For over 150 years, Speaker's Corner has been one of London's most unique and eccentric attractions. On any given Sunday morning, anyone who has an opinion to air -- or who simply wants to listen -- will gather at the point where Oxford Street and Hyde Park meet, in the shadows of Marble Arch, and carry on an oral tradition that is becoming somewhat lost to a modern culture of electronic mail and chat rooms. Y.P.R. recognizes the need for commentary
regarding society, life in the new global economy, chicken wings, ball bearings or anything else that may strike one's fancy. So put on your Sunday best, clear
your throat, step up onto the soapbox and speak up!
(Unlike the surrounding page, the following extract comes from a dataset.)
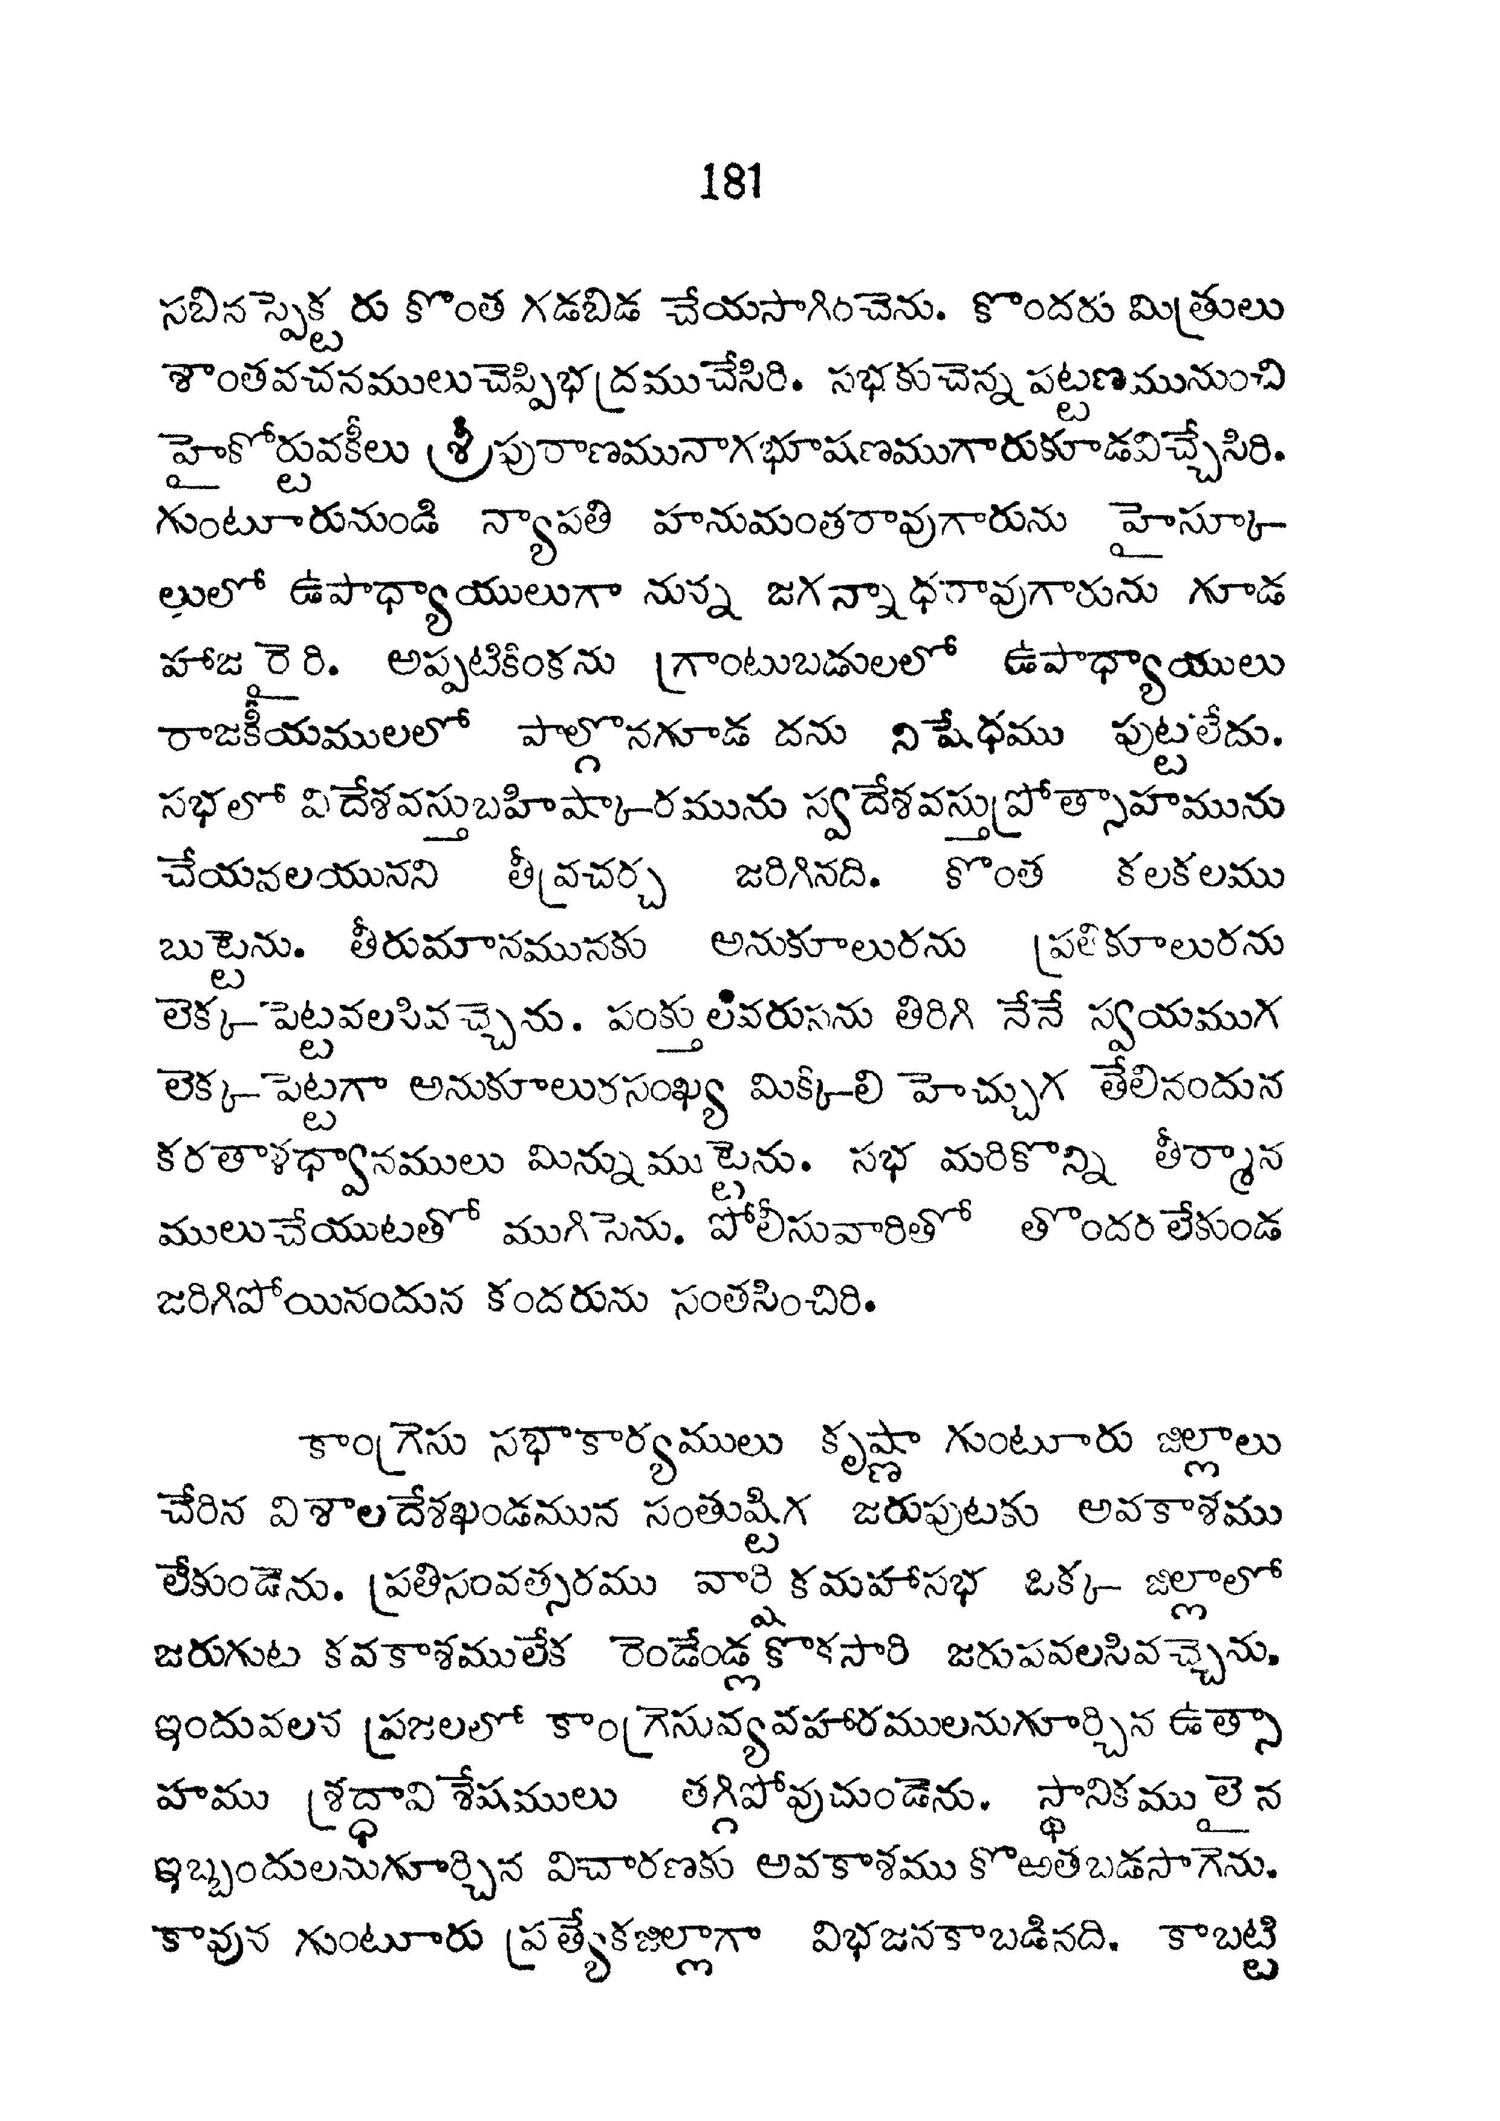సబినస్పెక్టరు కొంత గడబిడ చేయసాగించెను. కొందరు మిత్రులు శాంతవచనములుచెప్పిభద్రముచేసిరి. సభకుచెన్నపట్టణమునుంచి హైకోర్టువకీలు శ్రీపురాణమునాగభూషణముగారుకూడవిచ్చేసిరి. గుంటూరునుండి న్యాపతి హనుమంతరావుగారును హైస్కూలులో ఉపాధ్యాయులుగా నున్న జగన్నాధరావుగారును గూడ హాజరైరి. అప్పటికింకను గ్రాంటుబడులలో ఉపాధ్యాయులు రాజకీయములలో పాల్గొనగూడదను నిషేధము పుట్టలేదు. సభలో విదేశవస్తుబహిష్కారమును స్వదేశవస్తుప్రోత్సాహమును చేయవలయునని తీవ్రచర్చ జరిగినది. కొంత కలకలము బుట్టెను. తీరుమానమునకు అనుకూలురను ప్రతికూలురను లెక్కపెట్టవలసివచ్చెను. పంక్తులవరుసను తిరిగి నేనే స్వయముగ లెక్కపెట్టగా అనుకూలురసంఖ్య మిక్కిలి హెచ్చుగ తేలినందున కరతాళధ్వానములు మిన్నుముట్టెను. సభ మరికొన్ని తీర్మానములుచేయుటతో ముగుసెను. పోలీసువారితో తొందరలేకుండ జరిగిపోయినందున కందరును సంతసించిరి.

కాంగ్రెసు సభాకార్యములు కృష్ణా గుంటూరు జిల్లాలు చేరిన విశాలదేశఖండమున సంతుష్ఠిగ జరుపుటకు అవకాశము లేకుండెను. ప్రతిసంవత్సరము వార్షికమహాసభ ఒక్క జిల్లాలో జరుగుట కవకాశములేక రెండేండ్లకొకసారి జరుపవలసివచ్చెను. ఇందువలన ప్రజలలో కాంగ్రెసువ్యవహారములనుగూర్చిన ఉత్సాహము శ్రద్ధావిశేషములు తగ్గిపోవుచుండెను. స్థానికములైన ఇబ్బందులనుగూర్చిన విచారణకు అవకాశము కొఱతబడసాగెను. కావున గుంటూరు ప్రత్యేకజిల్లాగా విభజనకాబడినది. కాబట్టి

Welcome, loyal Y.P.R. acolytes!
It’s hard not to notice that Yankee Pot Roast has undergone some changes of late: a voice that continually cracks at hilariously inopportune moments; an oily, greasy complexion; the tendency to anglicize things, like the spelling of “complexion”; and, most notably, patches of hair sprouting in spots formerly smooth, like the soles of its feet. Yes, it appears that Y.P.R. has either reached puberty or is transforming into something from Middle-Earth. We hope it’s the latter, because puberty’s just plain awkward, while hobbits promise big merchandising bucks.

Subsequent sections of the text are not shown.